New partnerships between Canadian and Mexican education institutions
It’s not every day a college student gets to be involved in a discussion with the prime minister of Canada and the president of Mexico. But on Tuesday June 28, a University of Calgary student and a recent grad had the unique opportunity to do just that when they were selected to be involved in a dialogue on international education exchanges with Prime Minister Justin Trudeau and President Enrique Peña Nieto of Mexico.
Nicole Isaak, BA’16, and Tessa Warren, a third-year science student, were two of 80 students from across Canada and Mexico selected to be involved in the discussion. Both students have experience with international exchanges in Mexico; Isaak did a group study program in Mexico as well as a year-long exchange in Ecuador, while Warren heads to Mexico this fall to participate in an exchange.

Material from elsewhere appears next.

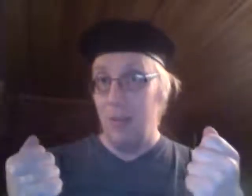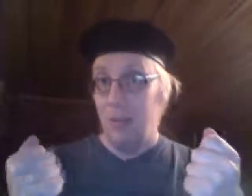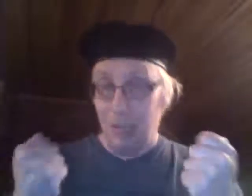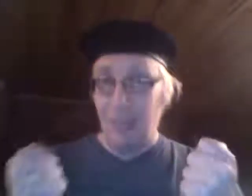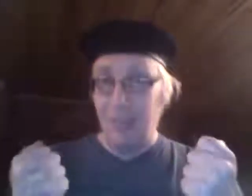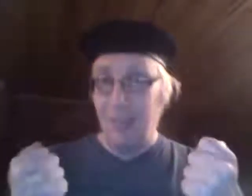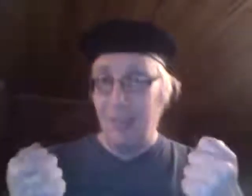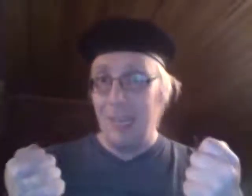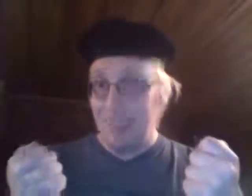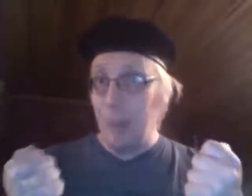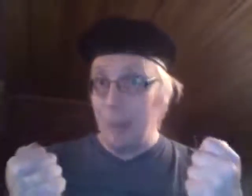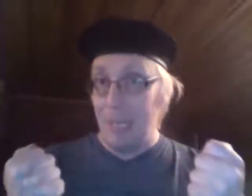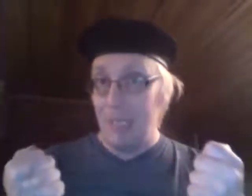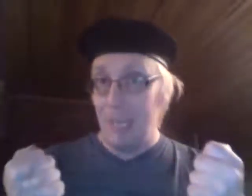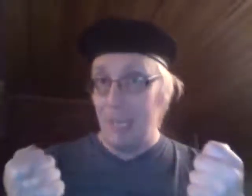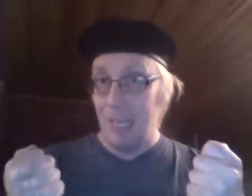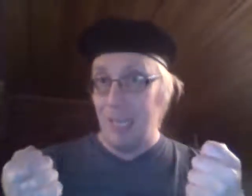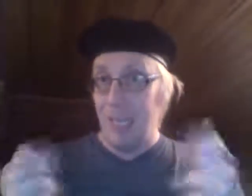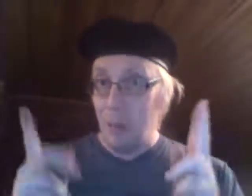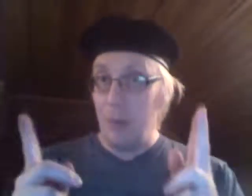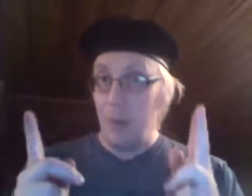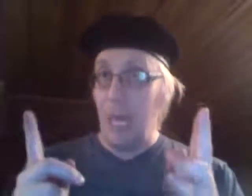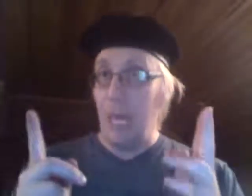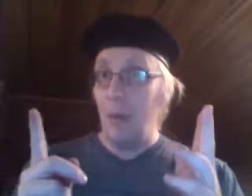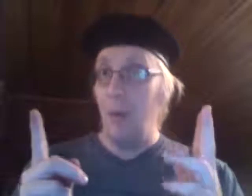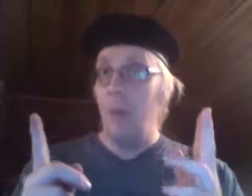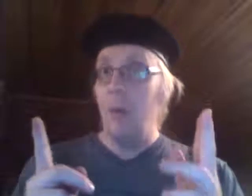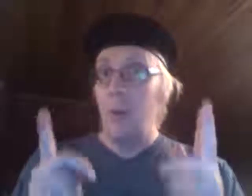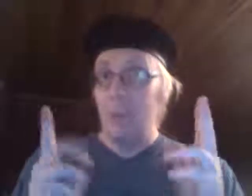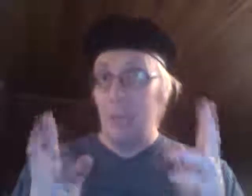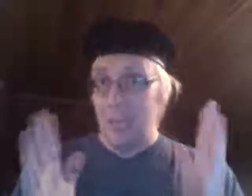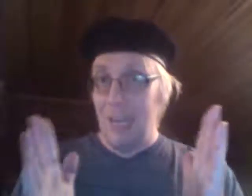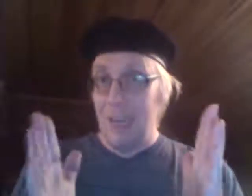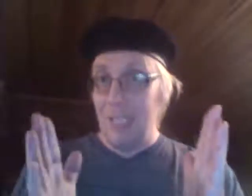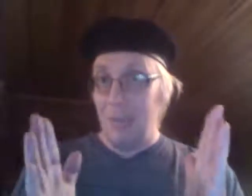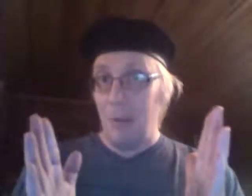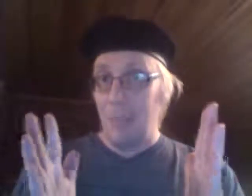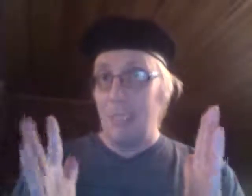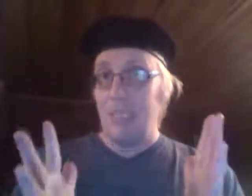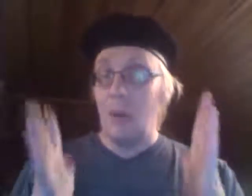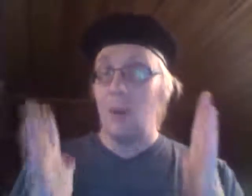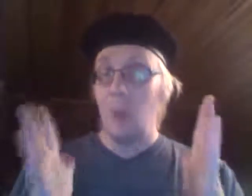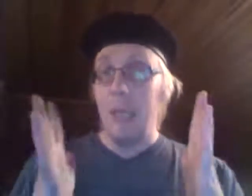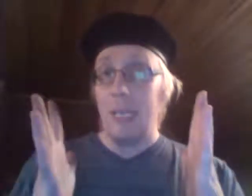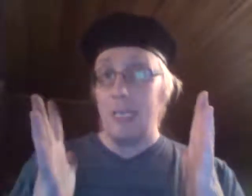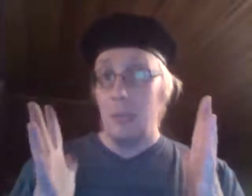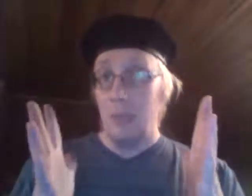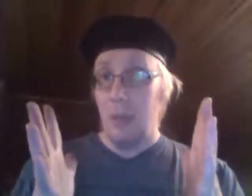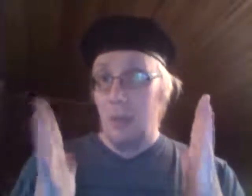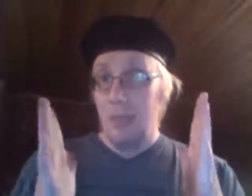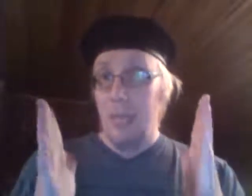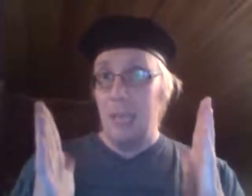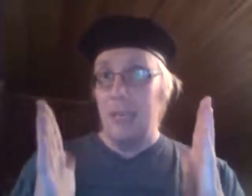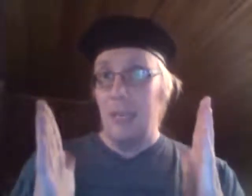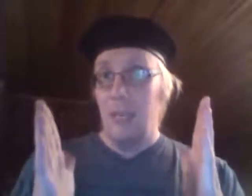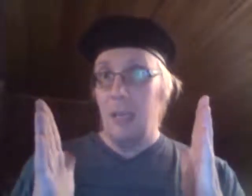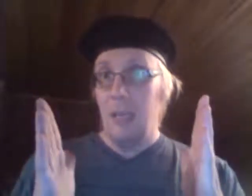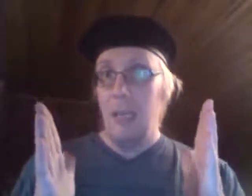Niin, eikö tämä pitäisi tehdä? Ja nyt EU näiden metsäpalvelujen takia, se joutuu oikeasti nyt sen, että niin,

The discussion centered on the importance of inclusive education and creating understanding of cultural differences. As part of this event, Peña Nieto and Trudeau announced their intention to make it easier for students to travel back and forth between Canada and Mexico on exchanges by welcoming new partnerships between Canadian and Mexican education institutions. Trudeau also announced that as of December 1, 2016, Canada will be lifting the Mexican visa requirement, which will make it easier for Mexican students and visitors to come to Canada.
“Education is a passport to greater opportunities, stronger relationships, and a better future. Today’s announcement will expand our people-to-people ties for generations to come, and give young Canadians and Mexicans the opportunities they need for the future they want,” said Prime Minister Trudeau.
Educational exchange important to both countries
Both Isaak and Warren were happy to learn that international educational exchange opportunities are important to the governments of Canada and Mexico.
“Speaking as a student, the benefits are huge as both countries are trying to make studying abroad a lot easier when it comes to visas, monetary issues and language barriers,” said Warren. “Classes are another factor to consider when studying abroad, and both leaders spoke about trying to unify courses in both countries so courses transfer easily from school to school.”
Isaak is excited about the possibility of more students choosing to study in Latin America as a result of these new partnerships. “I think one of the most important things gained from international education is an understanding of cultural differences, and I believe that this can carry over into a respect and understanding of people of all cultures,” she said. “When on an exchange, you interact on a daily basis with local people. You learn about their customs and culture, the challenges they face in their daily lives, and why they do the things that they do. As a result, you stop to think before making assumptions or judging people who you don’t understand or seem different.”
The University of Calgary has a strong and prosperous relationship with Mexico, identified as a country of emphasis in the International Strategy. As of fall 2015, the university’s has 13 active agreements, various research collaborations with higher education institutions in Mexico and 73 Mexican students enrolled.